What to work on ::
Work out how many lines in the records contain the word "baseline", and give that number alone.

Information supplied ::

Segment Open

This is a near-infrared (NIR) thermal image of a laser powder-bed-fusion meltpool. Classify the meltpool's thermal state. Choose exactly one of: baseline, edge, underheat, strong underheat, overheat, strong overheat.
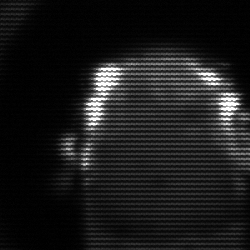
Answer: baseline
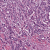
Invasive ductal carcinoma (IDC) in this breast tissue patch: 1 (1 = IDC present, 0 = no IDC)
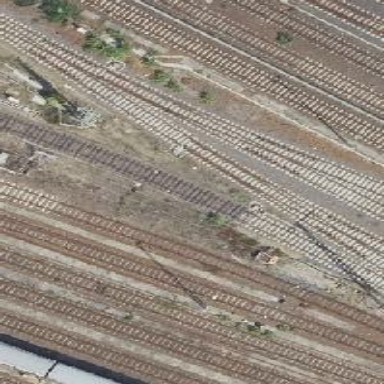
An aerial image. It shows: Railway switch.
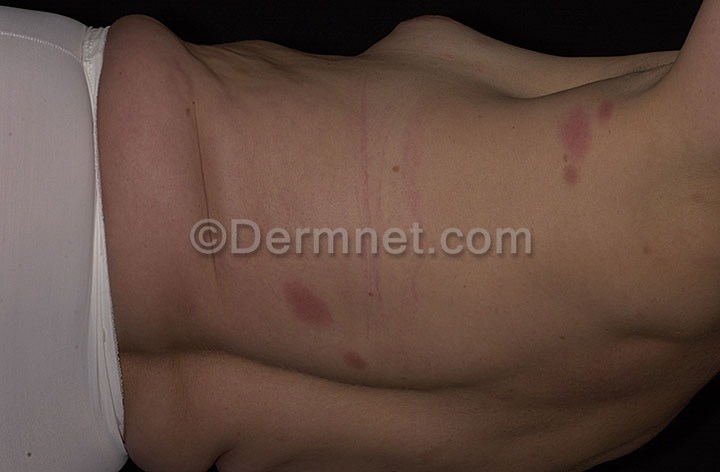
Disease: Exanthems and Drug Eruptions
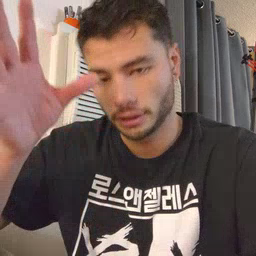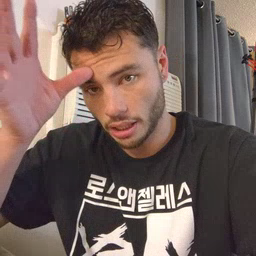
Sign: dad
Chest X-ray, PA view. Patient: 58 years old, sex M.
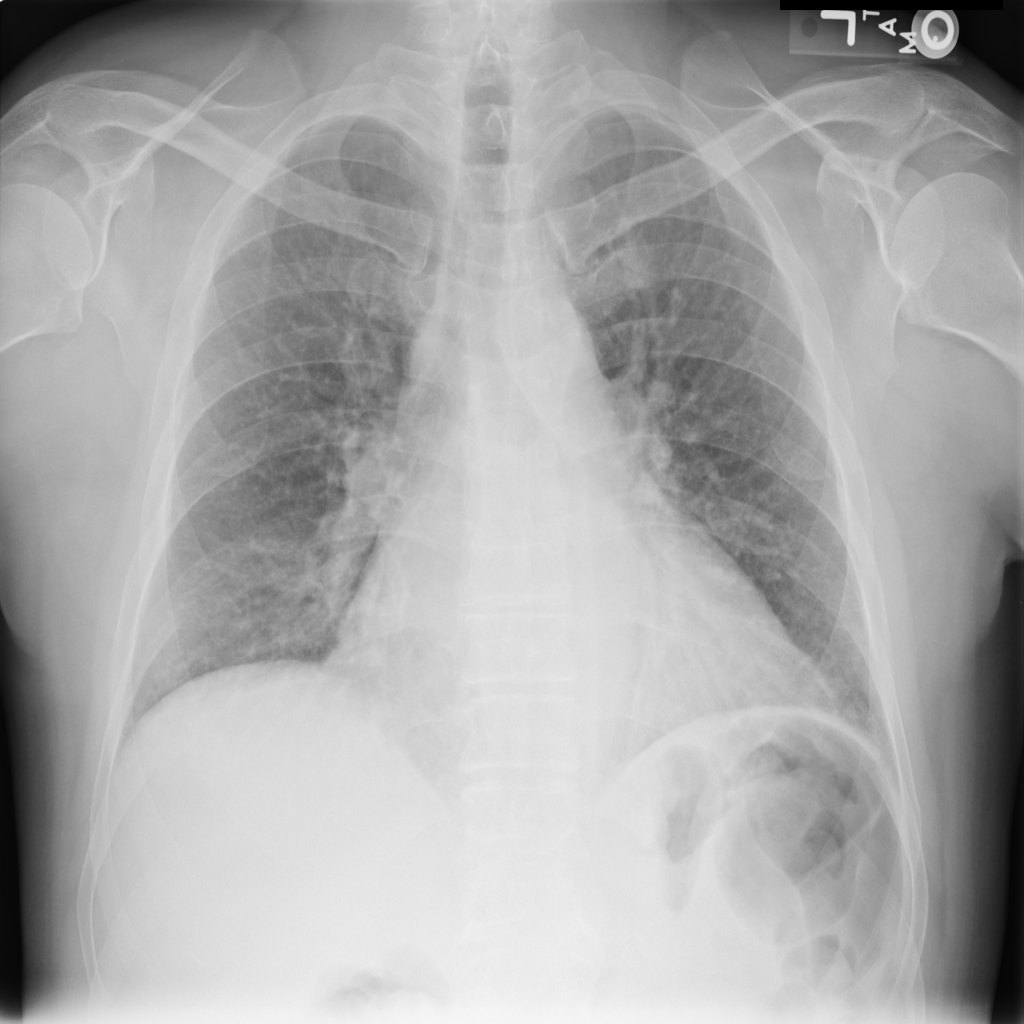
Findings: No Finding
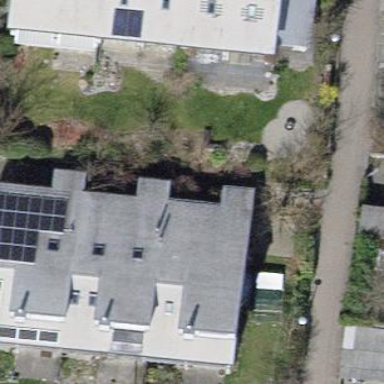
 where the roof is oriented across the building."
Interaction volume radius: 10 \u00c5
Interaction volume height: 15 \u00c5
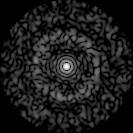
Disorder parameter: 0.8513
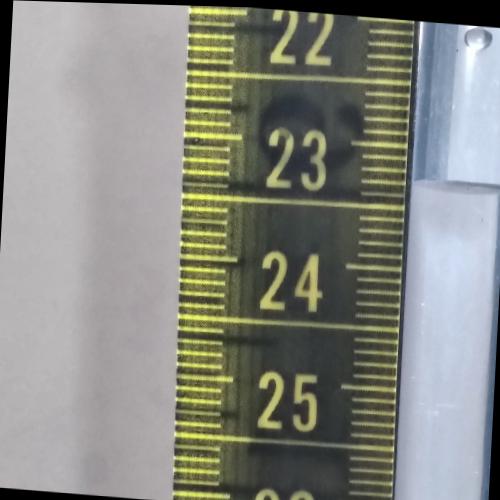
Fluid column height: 23.3 cm
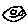
Label: smiley face
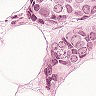
Metastatic tissue present: yes
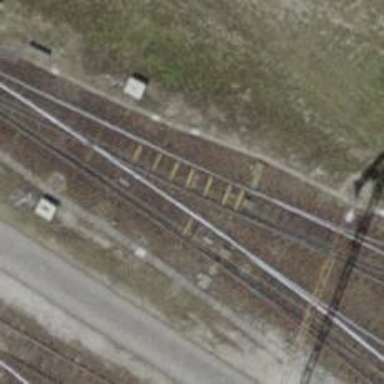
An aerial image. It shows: Railway switch.
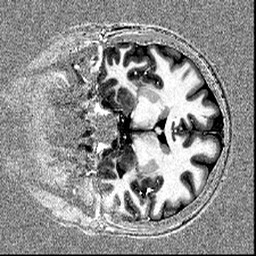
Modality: T1w
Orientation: coronal
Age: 25
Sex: female
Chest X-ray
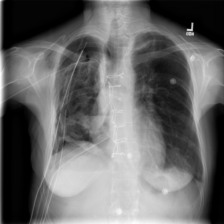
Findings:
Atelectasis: positive
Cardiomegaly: negative
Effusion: positive
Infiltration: negative
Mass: negative
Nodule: negative
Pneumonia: negative
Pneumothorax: positive
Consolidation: negative
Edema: negative
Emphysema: negative
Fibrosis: negative
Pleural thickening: negative
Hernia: negative
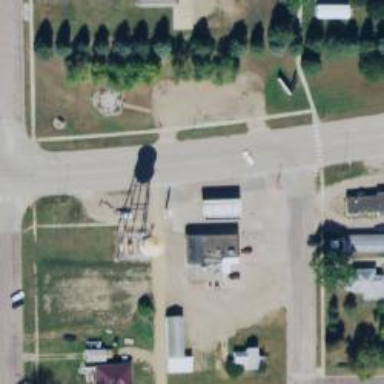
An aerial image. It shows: Water tower that is man-made.
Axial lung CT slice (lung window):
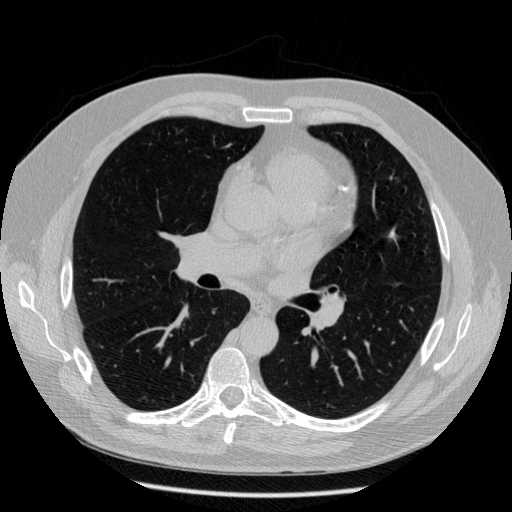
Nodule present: no
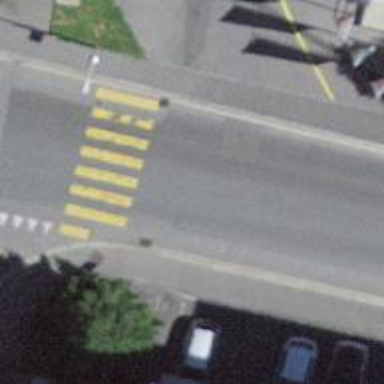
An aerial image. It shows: Zebra crossing on the road.
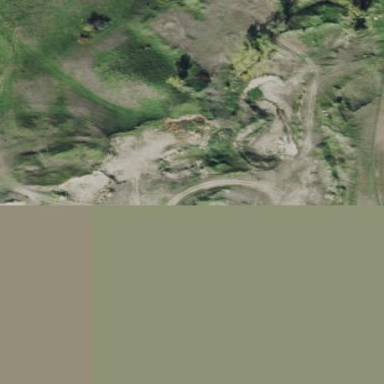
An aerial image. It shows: Quarry area.
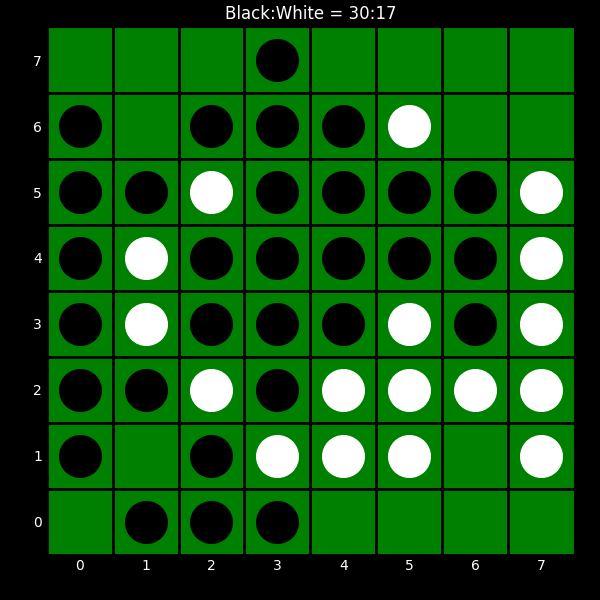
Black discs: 30
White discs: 17
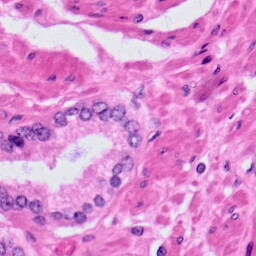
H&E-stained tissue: Prostate
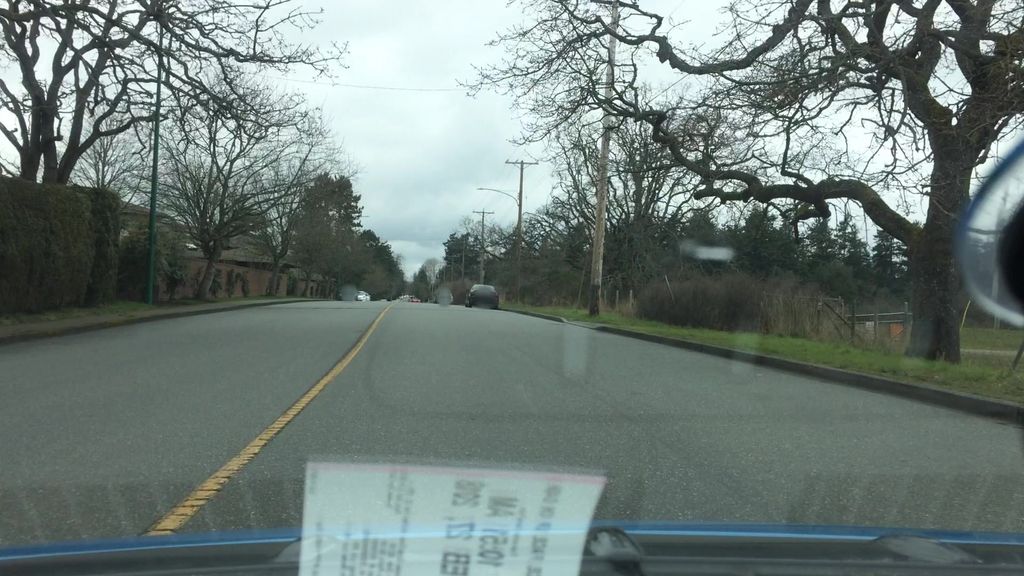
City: victoria
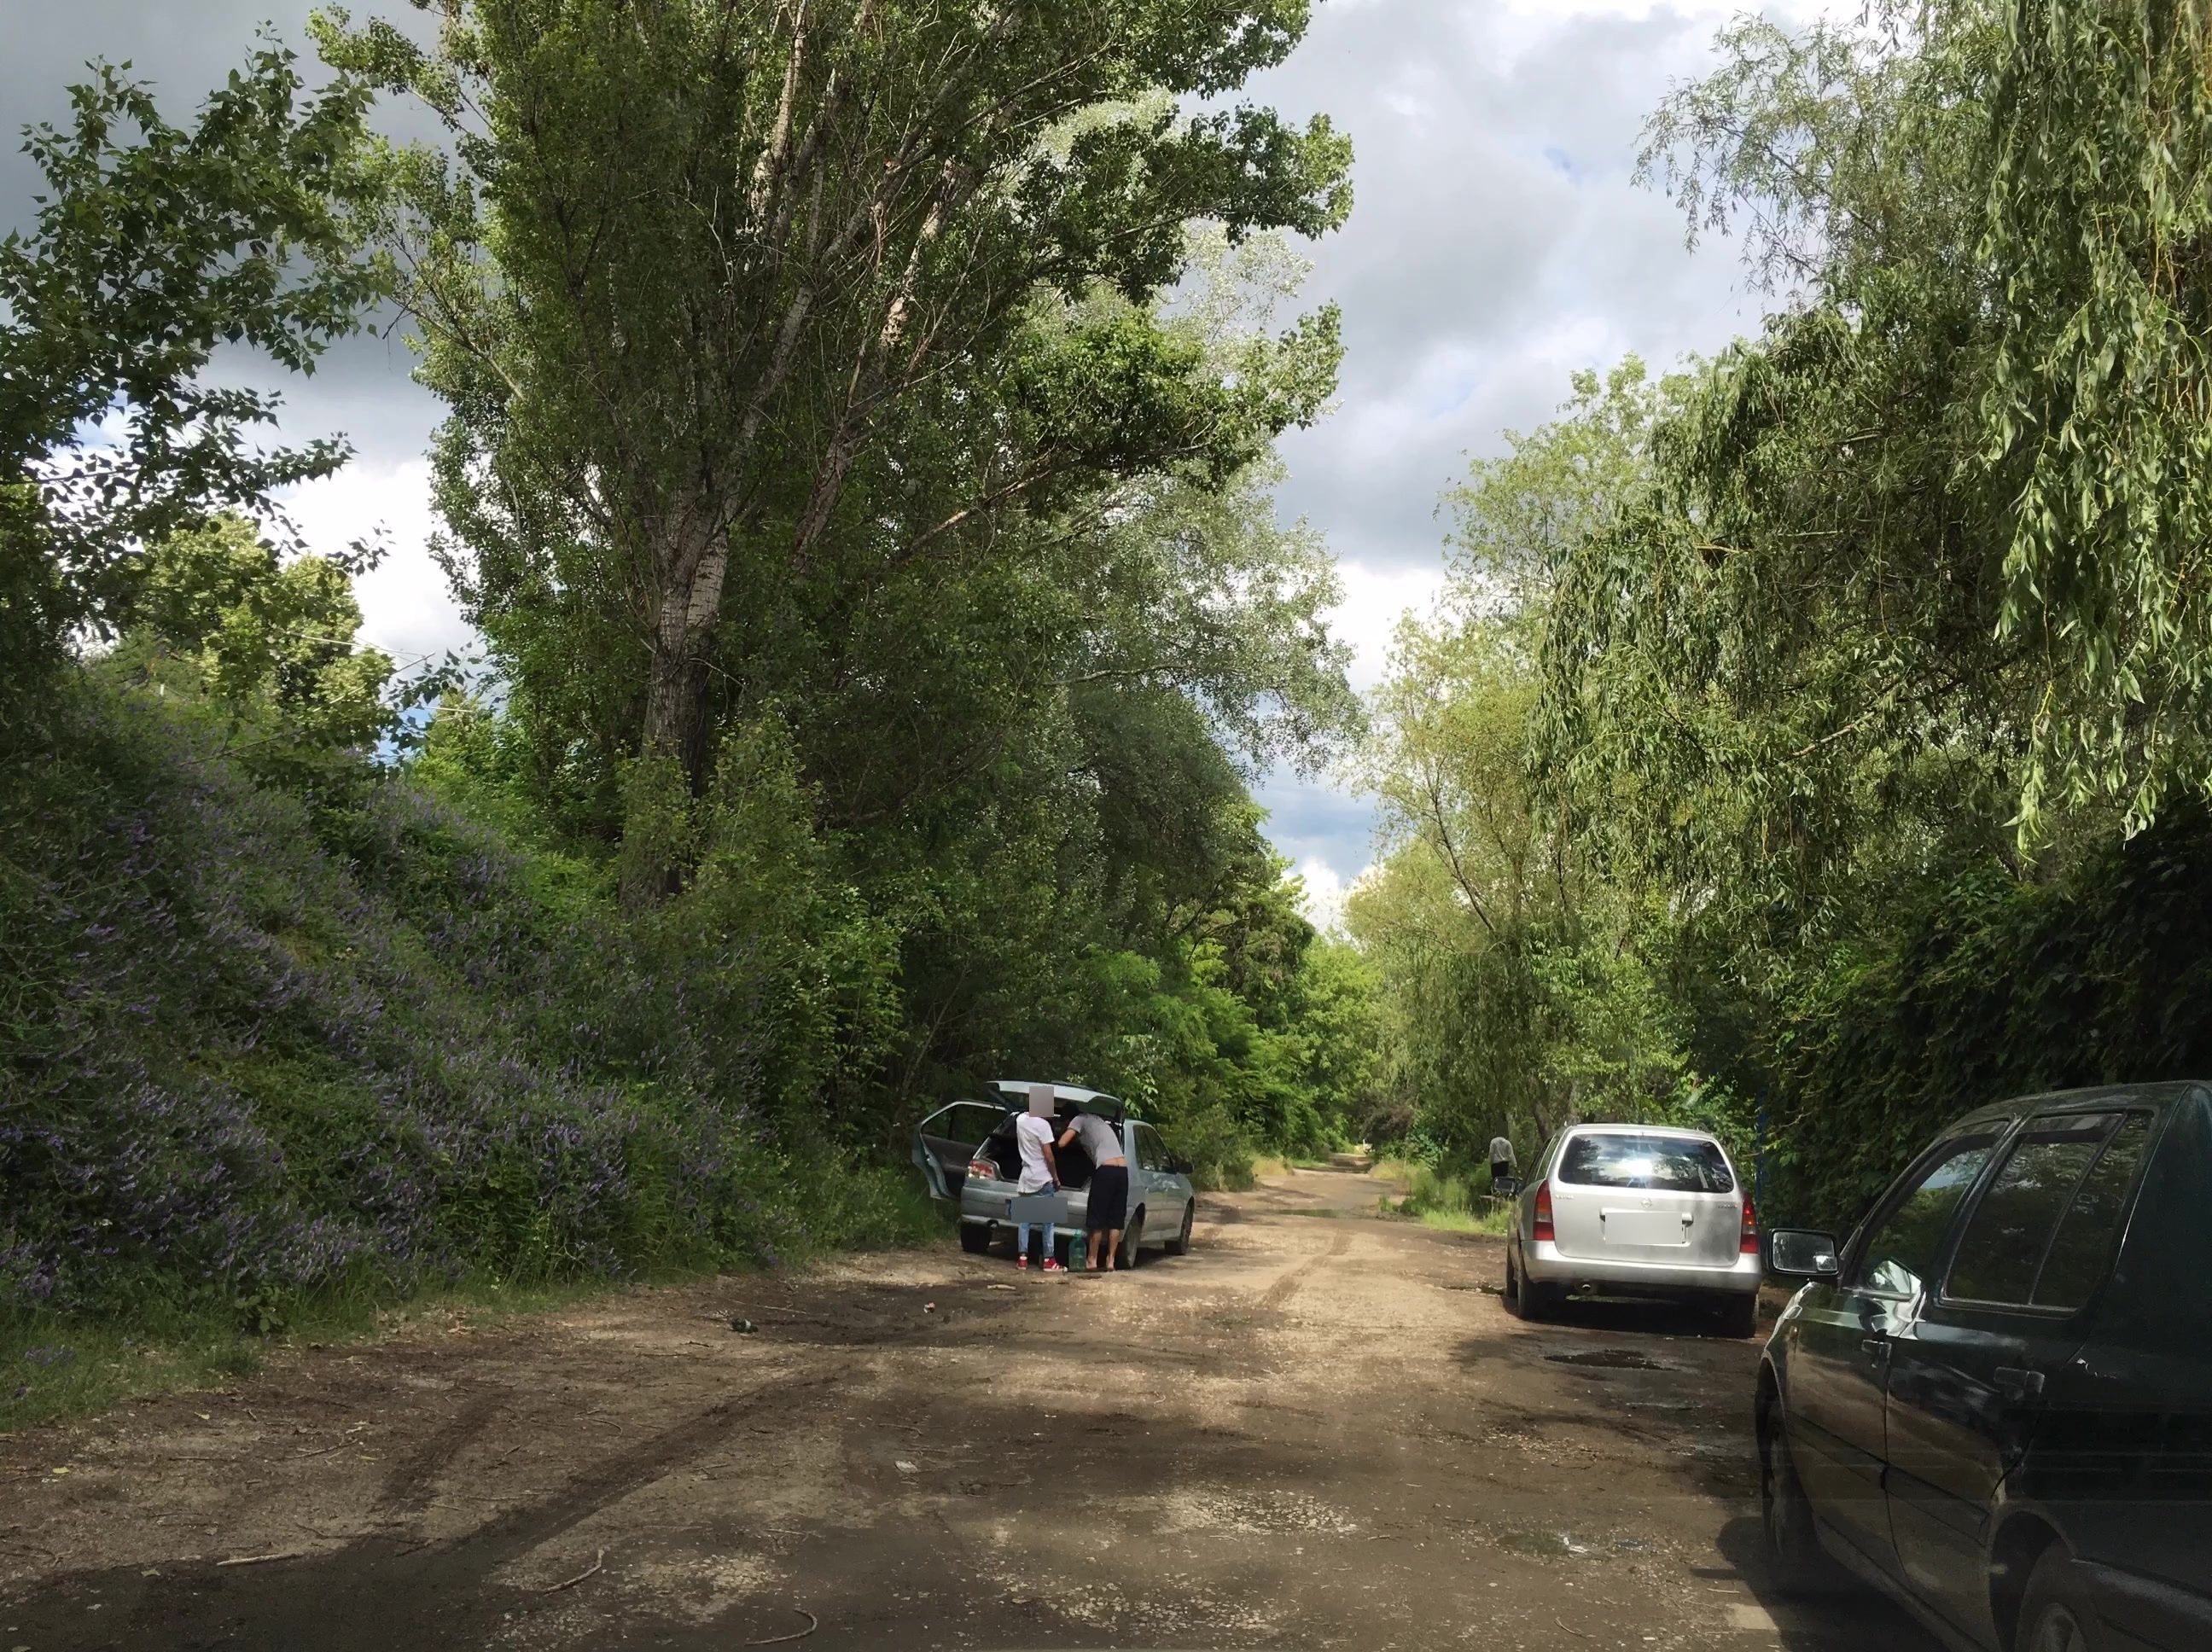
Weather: clear
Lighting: day
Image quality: slightly poor
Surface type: walking surface
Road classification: service, track
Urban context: urban centre
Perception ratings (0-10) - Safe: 9.42, Lively: 3.28, Beautiful: 9.53, Boring: 8.63, Depressing: 2.14, Wealthy: 2.28

Segment Closed

Response below ::
2